Please note the particular values for the graph

do not matter; it is theshape of the curve that matters.

To minimize $C$ with a gradient descent algorithm is quite simple in a one-dimensional example. This is because $\triangledown C = C'(v)$ or in English the gradient is equal to the derivative of the function. So, looking at the image above, at point $v=-4$ the tangent line seems to have a negative slope and thus $\triangledown C = C'(v) < 0$, therefore when we move in the direction $- \eta \triangledown C$ we increase $v$ and move down the slope toward the right.

### Part 3

#### Question

An extreme version of gradient descent is to use a mini-batch size of just $1$. That is, given a training input, $x$, we update our weights and biases according to the rules $w_k \to w_k' = w_k - \eta \frac{\partial C_x}{\partial w_k}$ and $b_l \to b_l' = b_l - \eta \frac{\partial C_x}{\partial b_l}$. Then we choose another training input, and update the weights and biases again. And so on, repeatedly. This procedure is known as online, on-line, or incremental learning. In online learning, a neural network learns from just one training input at a time (just as human beings do). Name one advantage and one disadvantage of online learning, compared to stochastic gradient descent with a mini-batch size of, say, $20$.

#### Solution

##### Advantage of Online Learning

The advantage of online learning has over stochastic gradient descent is that it will be much better at tuning the biases and weights to reduce the cost function for each given training input. It will not be using the estimated gradient but will be calculating the actual gradient and thus will produce better results. But one must do the cost-benefit analysis to see whether online learning, which is much slower but accurate, produces better results faster than stochastic gradient descent, which is fast but less accurate.

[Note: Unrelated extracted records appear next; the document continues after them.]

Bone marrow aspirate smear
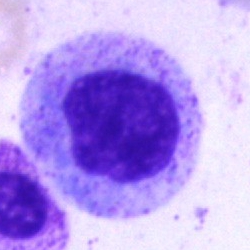
Specimen: bone marrow smear.
Cell type: progranulocyte.
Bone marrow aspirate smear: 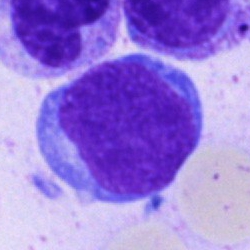

This is a blast cell.
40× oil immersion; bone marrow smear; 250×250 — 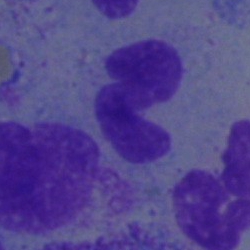
Cell type: band neutrophil.
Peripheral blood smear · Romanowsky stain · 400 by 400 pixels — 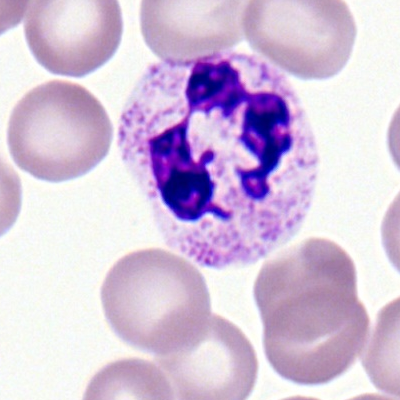

Showing a segmented neutrophil.
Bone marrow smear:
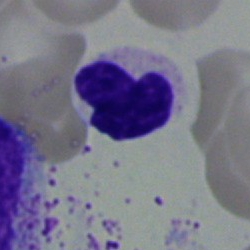
Q: What cell is this?
A: This is a segmented neutrophil.
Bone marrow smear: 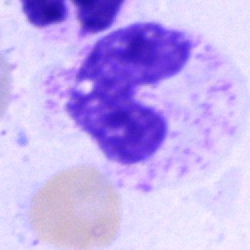The classification is stab cell.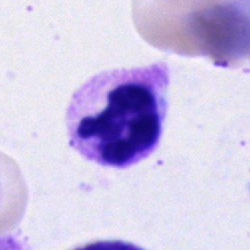

Segmented neutrophil.
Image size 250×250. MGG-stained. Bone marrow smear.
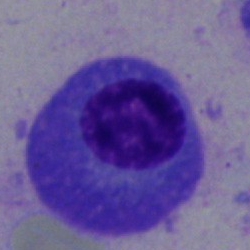 Morphological class: plasmacyte.
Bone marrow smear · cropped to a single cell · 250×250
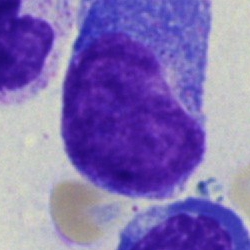The morphological class is blast cell.
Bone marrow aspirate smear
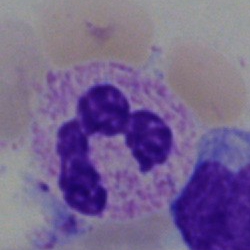A polymorphonuclear neutrophil.
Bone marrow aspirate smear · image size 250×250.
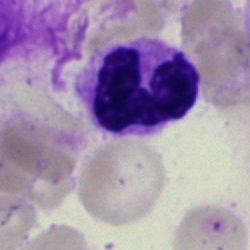
Single cell identified as a segmented neutrophil.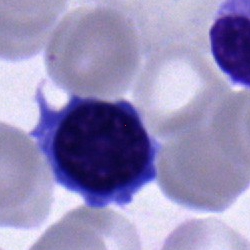

Specimen: bone marrow smear.
Cell: lymphocyte.
Lineage: lymphoid.
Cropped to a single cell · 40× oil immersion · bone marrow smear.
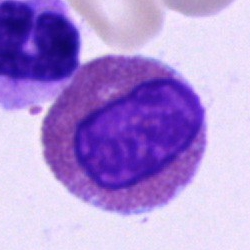
Cell: eosinophilic granulocyte.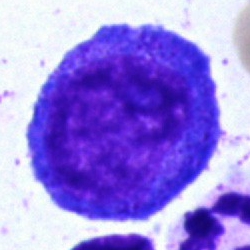
{"cell_type": "pronormoblast", "lineage": "erythroid"}
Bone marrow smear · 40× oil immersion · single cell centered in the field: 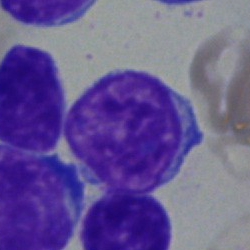 Showing a lymphocyte.
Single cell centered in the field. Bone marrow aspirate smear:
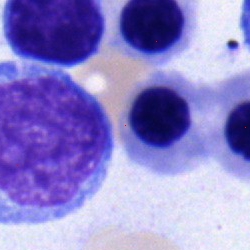 This is a nucleated red cell.
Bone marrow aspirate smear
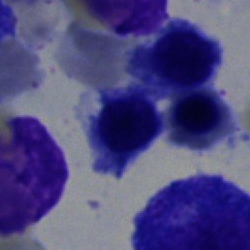
Morphology → nucleated red blood cell.
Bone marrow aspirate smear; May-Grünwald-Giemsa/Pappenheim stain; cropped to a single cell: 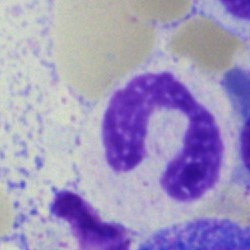
Specimen: bone marrow smear.
Cell type: polymorphonuclear neutrophil.
Lineage: myeloid.
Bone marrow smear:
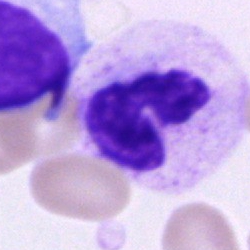

Single cell identified as a segmented neutrophil.

##### Disadvantage of Online Learning

The major disadvantage of online learning is that it is much slower than stochastic gradient descent since you have to train the network over every single training input $x$. So if you have a large dataset, like the MNIST data set with 60,000 images, then online learning will have to calculate the partial derivative for each weight and biases for each image ($\frac{\partial C_x}{\partial w_k}$ and $\frac{\partial C_x}{\partial b_l}$ for a given $x$).

Stochastic gradient descent will only need to calculate the partial derivatives for a fraction of the data set (in this case, $20$ images) and then adjust the weights and biases simultaneously based on that mini-batch. This a heck of a lot faster than doing it one by one for 60,000 images!